Policies Affecting Nursing Homes
Several policies affect care coordination in nursing homes. One of them is the Health Insurance Portability and Accountability Act (HIPAA). HIPAA is a policy that was implemented in the USA to ensure the safe use of health information technologies. The policy ensures organizational accountability in the promotion of data integrity. The policy holds nursing homes accountable for integrity of their patients’ data. As a result, they have to ensure privacy and confidentiality of the data of their patients. The Affordable Care Act is the other policy that affect care coordination in nursing homes. The Affordable Care Act was adopted in the USA with the aim of enhancing patient access to high quality, affordability, and availability of care.

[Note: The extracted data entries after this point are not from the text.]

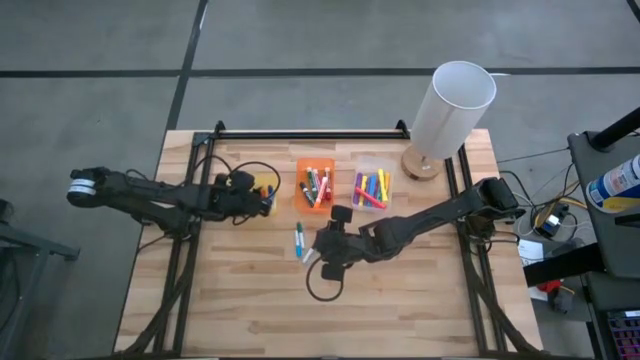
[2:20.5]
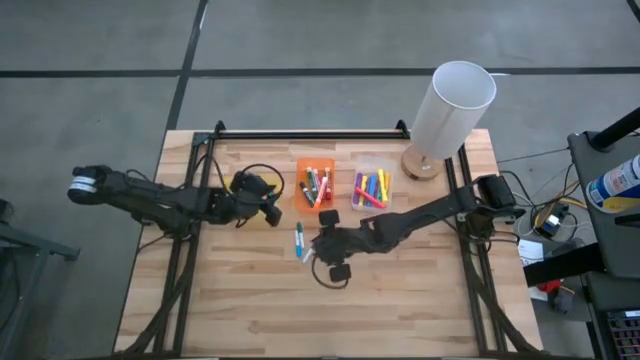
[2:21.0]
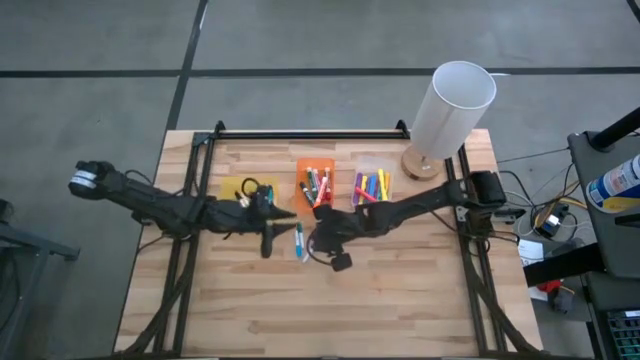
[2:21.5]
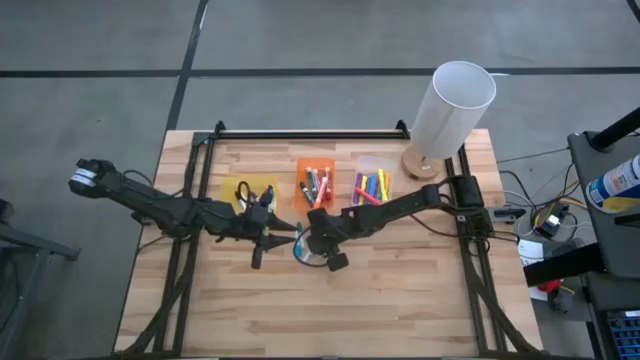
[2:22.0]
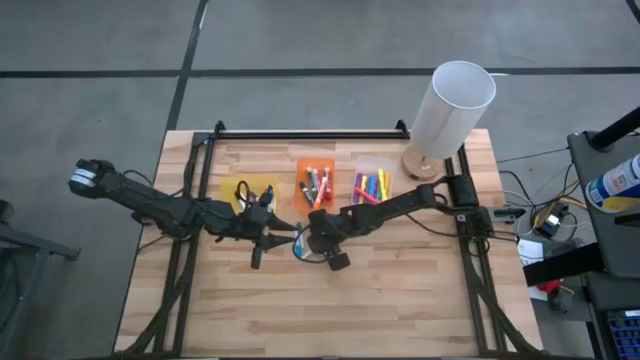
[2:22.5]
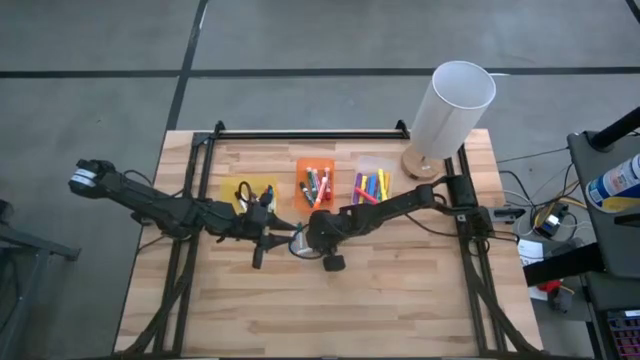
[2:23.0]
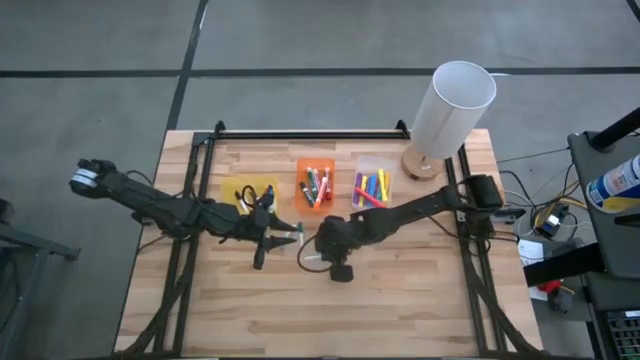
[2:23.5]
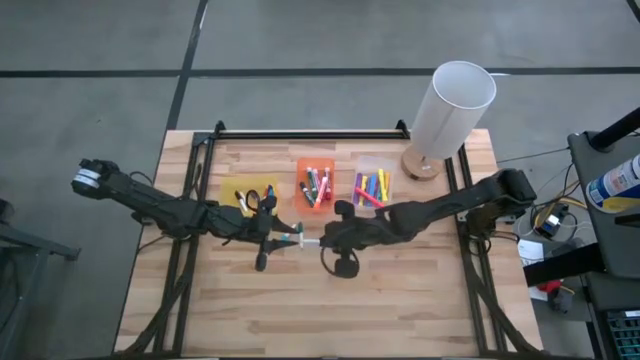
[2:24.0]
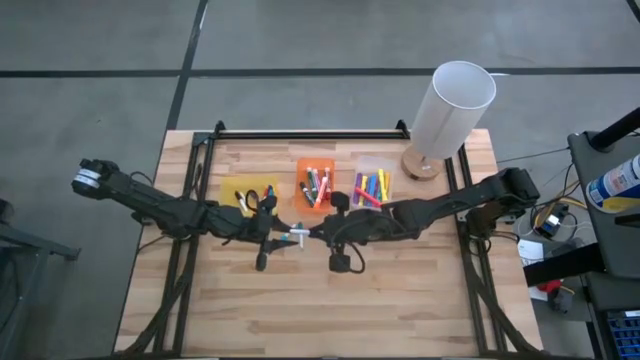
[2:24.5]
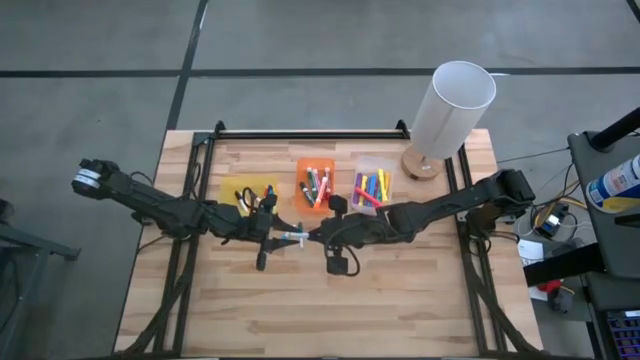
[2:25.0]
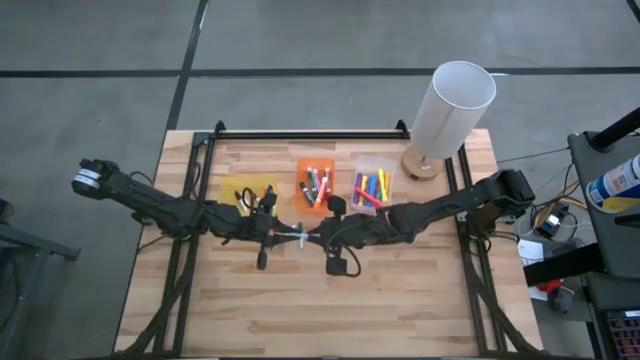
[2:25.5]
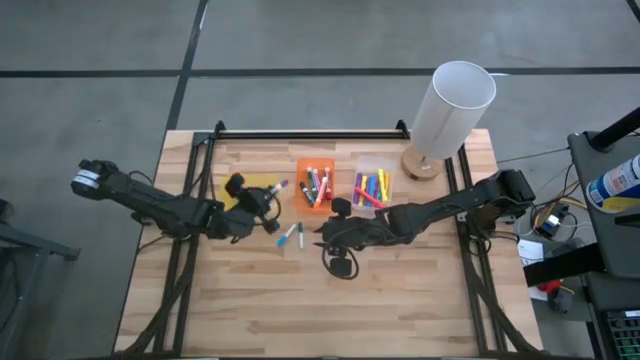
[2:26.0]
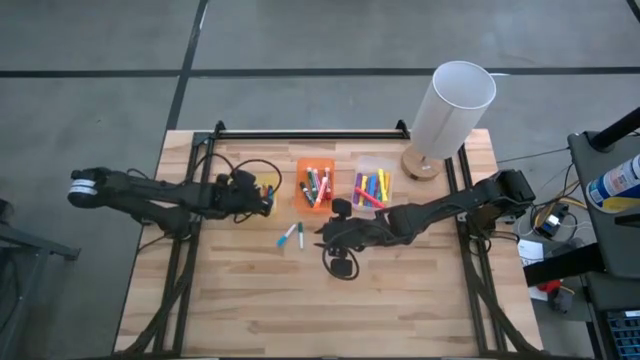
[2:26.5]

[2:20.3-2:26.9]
Put the small dark purple marker into the yellow bin

The act aims at ensuring equity in the access and utilization of healthcare services by the majority of the Americans. The act expanded the American population with health insurance coverage. The adoption of the ACA has enhanced care coordination in nursing homes by eliminating barriers to care such as cost and availability of healthcare providers to offer patients high quality care. Medicaid and Medicare are the other policies that affect care coordination in nursing homes. The policies influence the financing of healthcare organizations involved in the coordination of care. Medicare is one of the largest insurance provider to most than 40 million people in America. Medicare an Medicaid improve coordination of care by enhancing the affordability and access to care by the population irrespective of their backgrounds. They also minimize disease burden and eliminate barriers to access to healthcare due to influence of aspects such as cost and availability of care. Therefore, Medicare and Medicaid enhance care coordination by increasing the affordability of care given by the multidisciplinary teams (Dang & Dearholt, 2018).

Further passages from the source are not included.